# I never had THIS problem before



## Guest (Jan 9, 2011)

And it makes no sense. 

Suddenly this afternoon, trying to go to

http://agricommunity.com/christian/index.php 

in IE gets a 404 error, which then goes to this:

http://find.searchassist.com/landing.jsf?p=cnksver&q=cs1023.dailydns.net&rs=daily+dns&kw=&id=iiadladccaddk&t=9_2_1_0_1_1_2 

which says *Sorry,"cs1023.dailydns.net" does not exist or is not available*.

(and where did find.searchassist.com come from anyhow?)

I can get to http://agricommunity.com/christian/index.php just fine in FF. I also discovered I can get to it in IE if I use an anonymous proxy.

I looked in IE tools and can't find agricommunity.com on the blocked list nor can I find searchassist.com as a search option (it still shows google).

What's going on and how do I fix it?


----------



## Nevada (Sep 9, 2004)

Your ISP is having a DNS problem. You can either continue to use the anonymous proxy or use the OpenDNS servers in your TCP/IP settings.



*208.67.222.222* (resolver1.opendns.com)
*208.67.220.220* (resolver2.opendns.com)
Your ISP should catch up before too long.


----------



## Guest (Jan 9, 2011)

Nevada said:


> Your ISP is having a DNS problem.


But why would one browser get a 404 error, while the other browser goes right to it?


----------



## Kari (Mar 24, 2008)

ladycat said:


> But why would one browser get a 404 error, while the other browser goes right to it?

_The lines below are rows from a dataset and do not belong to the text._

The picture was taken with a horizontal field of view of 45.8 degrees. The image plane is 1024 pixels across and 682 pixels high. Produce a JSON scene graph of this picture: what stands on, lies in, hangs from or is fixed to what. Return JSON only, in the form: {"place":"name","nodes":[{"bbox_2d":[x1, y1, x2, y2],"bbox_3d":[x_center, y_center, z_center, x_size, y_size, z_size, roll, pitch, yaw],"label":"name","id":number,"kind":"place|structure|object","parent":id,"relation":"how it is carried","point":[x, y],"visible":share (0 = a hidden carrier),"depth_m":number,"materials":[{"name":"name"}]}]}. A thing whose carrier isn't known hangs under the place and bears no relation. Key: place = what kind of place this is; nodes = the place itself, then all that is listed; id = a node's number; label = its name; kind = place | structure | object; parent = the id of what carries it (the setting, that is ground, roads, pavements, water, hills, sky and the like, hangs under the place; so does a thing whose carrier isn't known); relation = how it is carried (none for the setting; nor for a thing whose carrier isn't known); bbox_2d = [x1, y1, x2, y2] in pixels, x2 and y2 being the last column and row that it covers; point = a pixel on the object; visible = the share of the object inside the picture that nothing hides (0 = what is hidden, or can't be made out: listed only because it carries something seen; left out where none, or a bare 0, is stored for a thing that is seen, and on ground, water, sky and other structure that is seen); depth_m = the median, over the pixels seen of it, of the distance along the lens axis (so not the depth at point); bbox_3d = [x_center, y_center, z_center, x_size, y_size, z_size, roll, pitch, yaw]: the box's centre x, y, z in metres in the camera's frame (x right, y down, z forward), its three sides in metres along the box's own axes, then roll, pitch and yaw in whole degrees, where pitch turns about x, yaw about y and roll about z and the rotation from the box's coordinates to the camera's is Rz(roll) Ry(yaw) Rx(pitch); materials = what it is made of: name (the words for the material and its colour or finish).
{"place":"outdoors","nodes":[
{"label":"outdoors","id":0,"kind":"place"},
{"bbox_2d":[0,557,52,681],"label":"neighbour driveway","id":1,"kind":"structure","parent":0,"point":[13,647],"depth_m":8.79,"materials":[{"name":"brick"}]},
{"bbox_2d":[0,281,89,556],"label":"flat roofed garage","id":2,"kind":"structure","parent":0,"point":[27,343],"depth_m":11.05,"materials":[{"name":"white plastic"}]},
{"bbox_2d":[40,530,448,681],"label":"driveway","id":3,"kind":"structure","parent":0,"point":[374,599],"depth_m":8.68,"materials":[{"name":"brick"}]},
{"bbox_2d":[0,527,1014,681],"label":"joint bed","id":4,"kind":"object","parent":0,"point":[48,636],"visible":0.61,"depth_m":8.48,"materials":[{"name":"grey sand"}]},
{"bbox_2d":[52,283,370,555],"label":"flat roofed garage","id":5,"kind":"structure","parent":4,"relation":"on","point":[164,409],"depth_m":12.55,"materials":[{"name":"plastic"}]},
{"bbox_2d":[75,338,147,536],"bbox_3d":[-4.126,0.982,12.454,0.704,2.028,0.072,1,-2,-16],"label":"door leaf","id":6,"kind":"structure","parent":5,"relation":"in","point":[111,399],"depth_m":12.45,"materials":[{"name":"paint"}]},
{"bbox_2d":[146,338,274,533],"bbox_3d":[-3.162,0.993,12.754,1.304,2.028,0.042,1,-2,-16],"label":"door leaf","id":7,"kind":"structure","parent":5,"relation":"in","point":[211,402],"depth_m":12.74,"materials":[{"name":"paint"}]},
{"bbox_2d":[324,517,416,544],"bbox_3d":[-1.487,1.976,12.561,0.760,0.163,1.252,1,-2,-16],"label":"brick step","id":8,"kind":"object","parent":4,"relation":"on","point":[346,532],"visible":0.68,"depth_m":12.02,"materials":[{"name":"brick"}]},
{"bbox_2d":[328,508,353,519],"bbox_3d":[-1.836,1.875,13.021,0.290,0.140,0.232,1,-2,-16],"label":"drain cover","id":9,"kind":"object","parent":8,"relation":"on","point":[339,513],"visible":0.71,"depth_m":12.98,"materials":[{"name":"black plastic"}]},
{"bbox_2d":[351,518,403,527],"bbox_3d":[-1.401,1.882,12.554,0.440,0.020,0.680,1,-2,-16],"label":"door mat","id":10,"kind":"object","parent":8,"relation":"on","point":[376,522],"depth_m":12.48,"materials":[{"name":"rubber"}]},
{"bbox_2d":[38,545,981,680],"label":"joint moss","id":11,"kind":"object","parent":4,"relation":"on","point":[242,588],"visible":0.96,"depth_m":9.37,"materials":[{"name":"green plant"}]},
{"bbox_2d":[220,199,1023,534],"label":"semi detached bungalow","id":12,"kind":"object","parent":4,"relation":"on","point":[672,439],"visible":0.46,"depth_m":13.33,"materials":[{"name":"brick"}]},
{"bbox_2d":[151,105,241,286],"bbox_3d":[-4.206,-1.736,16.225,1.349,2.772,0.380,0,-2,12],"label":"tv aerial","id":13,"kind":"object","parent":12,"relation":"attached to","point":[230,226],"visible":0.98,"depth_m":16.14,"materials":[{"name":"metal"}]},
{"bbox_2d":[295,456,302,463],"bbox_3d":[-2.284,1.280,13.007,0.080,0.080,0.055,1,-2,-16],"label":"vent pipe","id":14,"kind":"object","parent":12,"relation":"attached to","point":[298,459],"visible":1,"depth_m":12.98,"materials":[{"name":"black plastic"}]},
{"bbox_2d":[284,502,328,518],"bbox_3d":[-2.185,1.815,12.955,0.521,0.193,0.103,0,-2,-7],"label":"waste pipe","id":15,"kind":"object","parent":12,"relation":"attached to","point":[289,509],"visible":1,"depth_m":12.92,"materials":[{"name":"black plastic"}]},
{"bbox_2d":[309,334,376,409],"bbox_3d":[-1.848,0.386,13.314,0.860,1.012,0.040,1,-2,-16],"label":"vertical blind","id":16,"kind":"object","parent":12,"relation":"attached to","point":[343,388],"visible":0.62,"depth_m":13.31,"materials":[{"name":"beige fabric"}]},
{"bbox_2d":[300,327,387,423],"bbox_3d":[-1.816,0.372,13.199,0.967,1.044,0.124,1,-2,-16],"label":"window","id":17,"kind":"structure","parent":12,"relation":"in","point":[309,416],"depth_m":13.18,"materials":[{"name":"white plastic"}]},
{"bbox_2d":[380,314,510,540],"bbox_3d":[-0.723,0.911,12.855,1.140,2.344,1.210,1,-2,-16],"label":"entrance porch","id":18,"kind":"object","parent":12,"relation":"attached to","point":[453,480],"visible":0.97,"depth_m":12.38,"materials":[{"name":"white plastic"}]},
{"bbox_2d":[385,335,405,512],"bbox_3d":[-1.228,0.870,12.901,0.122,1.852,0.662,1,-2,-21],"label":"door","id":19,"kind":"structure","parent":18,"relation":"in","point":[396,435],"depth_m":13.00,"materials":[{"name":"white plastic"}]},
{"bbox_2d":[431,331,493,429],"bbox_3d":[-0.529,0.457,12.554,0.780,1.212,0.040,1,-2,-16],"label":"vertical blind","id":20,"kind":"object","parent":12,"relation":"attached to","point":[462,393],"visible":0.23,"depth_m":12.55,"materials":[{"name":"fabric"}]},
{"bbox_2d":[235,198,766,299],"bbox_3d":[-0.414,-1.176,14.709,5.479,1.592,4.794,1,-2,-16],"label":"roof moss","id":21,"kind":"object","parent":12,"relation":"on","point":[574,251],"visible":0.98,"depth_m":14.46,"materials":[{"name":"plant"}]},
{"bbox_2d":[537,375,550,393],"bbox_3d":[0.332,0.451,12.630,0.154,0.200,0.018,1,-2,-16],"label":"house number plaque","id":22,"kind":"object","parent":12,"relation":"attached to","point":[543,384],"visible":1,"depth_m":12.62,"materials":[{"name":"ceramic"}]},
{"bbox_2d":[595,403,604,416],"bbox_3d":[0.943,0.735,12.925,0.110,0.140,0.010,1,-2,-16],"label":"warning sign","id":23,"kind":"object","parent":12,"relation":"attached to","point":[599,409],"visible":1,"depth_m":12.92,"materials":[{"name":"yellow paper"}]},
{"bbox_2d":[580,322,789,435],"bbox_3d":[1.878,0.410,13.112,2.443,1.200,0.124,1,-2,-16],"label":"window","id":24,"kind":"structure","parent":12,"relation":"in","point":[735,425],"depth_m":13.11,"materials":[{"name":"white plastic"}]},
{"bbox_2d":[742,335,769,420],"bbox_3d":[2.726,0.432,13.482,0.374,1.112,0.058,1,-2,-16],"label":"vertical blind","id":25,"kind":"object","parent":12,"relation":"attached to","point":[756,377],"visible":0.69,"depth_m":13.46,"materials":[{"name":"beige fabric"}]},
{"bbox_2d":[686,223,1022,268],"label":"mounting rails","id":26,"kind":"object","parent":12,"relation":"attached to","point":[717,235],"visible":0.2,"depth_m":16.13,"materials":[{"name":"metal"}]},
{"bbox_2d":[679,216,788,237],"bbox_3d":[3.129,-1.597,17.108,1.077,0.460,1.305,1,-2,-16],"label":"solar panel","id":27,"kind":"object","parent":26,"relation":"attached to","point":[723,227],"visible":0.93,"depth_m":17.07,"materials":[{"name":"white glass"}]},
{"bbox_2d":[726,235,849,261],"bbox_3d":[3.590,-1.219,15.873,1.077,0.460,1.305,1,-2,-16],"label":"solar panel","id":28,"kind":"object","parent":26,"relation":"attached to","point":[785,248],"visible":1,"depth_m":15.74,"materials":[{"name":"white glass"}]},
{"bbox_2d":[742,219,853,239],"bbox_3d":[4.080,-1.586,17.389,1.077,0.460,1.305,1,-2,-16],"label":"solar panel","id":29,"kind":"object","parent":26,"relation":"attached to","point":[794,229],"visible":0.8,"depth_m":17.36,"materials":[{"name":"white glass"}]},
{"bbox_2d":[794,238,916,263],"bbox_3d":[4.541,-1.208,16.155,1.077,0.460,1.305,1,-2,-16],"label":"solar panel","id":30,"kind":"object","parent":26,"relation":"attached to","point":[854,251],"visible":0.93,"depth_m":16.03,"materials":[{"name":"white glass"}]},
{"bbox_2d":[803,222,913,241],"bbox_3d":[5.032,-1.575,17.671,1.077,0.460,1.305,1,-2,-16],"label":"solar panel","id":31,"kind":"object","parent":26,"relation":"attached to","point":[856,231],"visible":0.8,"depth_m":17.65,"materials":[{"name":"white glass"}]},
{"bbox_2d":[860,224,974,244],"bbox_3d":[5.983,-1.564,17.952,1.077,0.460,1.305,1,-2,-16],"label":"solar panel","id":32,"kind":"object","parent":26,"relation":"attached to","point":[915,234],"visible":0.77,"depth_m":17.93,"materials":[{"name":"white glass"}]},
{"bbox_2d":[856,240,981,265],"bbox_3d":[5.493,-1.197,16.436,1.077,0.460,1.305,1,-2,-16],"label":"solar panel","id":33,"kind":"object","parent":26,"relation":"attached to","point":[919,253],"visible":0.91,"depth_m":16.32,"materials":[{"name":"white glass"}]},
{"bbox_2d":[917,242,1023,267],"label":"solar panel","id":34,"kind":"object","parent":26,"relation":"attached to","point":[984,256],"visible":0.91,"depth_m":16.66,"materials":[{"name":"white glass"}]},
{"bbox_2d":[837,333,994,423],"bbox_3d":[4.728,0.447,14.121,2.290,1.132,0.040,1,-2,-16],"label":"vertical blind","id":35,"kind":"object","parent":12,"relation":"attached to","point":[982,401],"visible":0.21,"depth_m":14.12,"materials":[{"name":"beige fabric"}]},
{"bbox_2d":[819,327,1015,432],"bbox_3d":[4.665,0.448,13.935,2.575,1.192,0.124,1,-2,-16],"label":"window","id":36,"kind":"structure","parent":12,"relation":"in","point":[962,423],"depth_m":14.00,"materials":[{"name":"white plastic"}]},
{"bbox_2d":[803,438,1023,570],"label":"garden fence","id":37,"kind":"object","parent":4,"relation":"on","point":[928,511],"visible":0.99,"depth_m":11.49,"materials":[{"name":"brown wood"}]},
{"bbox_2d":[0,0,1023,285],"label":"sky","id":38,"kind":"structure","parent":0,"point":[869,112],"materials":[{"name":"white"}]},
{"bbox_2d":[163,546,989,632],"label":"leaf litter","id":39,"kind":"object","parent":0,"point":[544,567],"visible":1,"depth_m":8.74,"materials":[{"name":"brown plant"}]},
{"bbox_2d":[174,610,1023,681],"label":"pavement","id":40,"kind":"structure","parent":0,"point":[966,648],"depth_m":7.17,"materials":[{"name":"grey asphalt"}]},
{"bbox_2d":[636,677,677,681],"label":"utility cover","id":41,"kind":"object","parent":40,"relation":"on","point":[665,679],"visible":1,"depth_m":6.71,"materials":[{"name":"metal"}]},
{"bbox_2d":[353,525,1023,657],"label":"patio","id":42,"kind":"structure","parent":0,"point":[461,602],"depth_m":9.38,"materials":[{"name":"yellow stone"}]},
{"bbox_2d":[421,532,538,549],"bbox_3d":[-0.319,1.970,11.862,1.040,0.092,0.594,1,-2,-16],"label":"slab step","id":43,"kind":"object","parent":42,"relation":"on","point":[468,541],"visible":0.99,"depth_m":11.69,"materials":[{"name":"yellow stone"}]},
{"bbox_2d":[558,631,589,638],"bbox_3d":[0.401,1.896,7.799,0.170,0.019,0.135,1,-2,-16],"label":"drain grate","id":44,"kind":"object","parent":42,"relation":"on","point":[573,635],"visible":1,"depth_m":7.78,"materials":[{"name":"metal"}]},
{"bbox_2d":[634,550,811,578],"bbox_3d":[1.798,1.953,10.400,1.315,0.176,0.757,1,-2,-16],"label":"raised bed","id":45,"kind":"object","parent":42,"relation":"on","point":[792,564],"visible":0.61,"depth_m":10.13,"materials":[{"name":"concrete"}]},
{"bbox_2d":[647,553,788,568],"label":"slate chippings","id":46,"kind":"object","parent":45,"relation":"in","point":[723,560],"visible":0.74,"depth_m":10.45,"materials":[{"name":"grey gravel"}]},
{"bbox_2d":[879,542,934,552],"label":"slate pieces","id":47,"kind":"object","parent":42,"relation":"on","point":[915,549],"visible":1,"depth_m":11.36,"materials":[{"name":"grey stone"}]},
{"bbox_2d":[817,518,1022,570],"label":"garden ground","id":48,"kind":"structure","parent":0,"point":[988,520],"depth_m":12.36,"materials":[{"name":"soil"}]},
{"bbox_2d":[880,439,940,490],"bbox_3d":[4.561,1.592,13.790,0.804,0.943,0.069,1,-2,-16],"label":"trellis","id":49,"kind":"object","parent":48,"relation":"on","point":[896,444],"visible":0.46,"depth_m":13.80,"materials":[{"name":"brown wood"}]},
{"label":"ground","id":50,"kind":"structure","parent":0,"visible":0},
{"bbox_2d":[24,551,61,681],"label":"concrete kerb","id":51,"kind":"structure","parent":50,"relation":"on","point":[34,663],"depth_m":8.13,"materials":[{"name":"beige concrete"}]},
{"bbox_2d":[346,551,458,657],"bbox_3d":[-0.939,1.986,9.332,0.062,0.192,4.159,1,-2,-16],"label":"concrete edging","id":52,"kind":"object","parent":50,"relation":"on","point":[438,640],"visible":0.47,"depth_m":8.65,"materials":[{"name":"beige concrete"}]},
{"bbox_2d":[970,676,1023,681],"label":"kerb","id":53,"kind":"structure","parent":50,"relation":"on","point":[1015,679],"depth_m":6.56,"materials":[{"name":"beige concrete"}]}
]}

It is not a DNS problem as evidenced by having no issues with FF. In IE, have you tried deleting temp files? If this does not work, you should scan your pc with malwarebytes just to be sure..


----------



## Guest (Jan 9, 2011)

Kari said:


> In IE, have you tried deleting temp files?


I'll try that.


----------



## Kung (Jan 19, 2004)

What Kari said...the fact that FF works fine has me thinking it's cookie- or malware-related.


----------



## Nevada (Sep 9, 2004)

Kari said:


> It is not a DNS problem as evidenced by having no issues with FF.


Unless she's seeing a cached page in FF. I didn't conclude that everything was working fine in FF, since she specifically said that she only saw the index page. This is what she said.

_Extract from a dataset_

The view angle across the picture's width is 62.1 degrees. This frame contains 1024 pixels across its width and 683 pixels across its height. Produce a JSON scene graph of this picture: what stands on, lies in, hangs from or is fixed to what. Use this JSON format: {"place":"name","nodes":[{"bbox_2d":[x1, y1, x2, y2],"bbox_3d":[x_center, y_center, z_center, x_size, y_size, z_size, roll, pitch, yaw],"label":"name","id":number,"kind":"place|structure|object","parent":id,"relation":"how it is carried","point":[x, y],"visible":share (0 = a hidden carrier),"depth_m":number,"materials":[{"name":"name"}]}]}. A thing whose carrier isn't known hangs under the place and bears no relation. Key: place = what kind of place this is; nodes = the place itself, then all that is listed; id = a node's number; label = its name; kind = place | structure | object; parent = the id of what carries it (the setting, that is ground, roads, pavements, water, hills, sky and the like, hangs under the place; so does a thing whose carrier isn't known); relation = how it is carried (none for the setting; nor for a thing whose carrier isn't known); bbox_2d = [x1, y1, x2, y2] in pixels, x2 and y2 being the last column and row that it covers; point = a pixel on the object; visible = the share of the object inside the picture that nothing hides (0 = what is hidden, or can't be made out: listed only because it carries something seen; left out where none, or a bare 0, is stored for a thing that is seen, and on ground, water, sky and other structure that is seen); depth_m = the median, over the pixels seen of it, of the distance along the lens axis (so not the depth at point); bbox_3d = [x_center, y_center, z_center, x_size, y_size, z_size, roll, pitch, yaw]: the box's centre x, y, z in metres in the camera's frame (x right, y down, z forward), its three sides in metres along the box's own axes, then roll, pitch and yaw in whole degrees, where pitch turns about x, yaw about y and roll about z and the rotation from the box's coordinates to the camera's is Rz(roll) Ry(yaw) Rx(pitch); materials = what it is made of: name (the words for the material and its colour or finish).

_"I can get to http://agricommunity.com/christian/index.php just fine in FF._"

If she is also able to navigate the site normally then that's a different matter, but it's certainly possible to see the index page in a browser without being able to do a successful DNS lookup.


----------



## Nevada (Sep 9, 2004)

ladycat said:


> But why would one browser get a 404 error, while the other browser goes right to it?


That's different. A 404 error is generated by the server you are trying to reach. If course it's also possible that you have a cashed copy of the 404 error page stuck in IE but not FF. If that's the case then you should be able to flush the 404 error page by holding the Shift & Ctrl keys while clicking refresh.


----------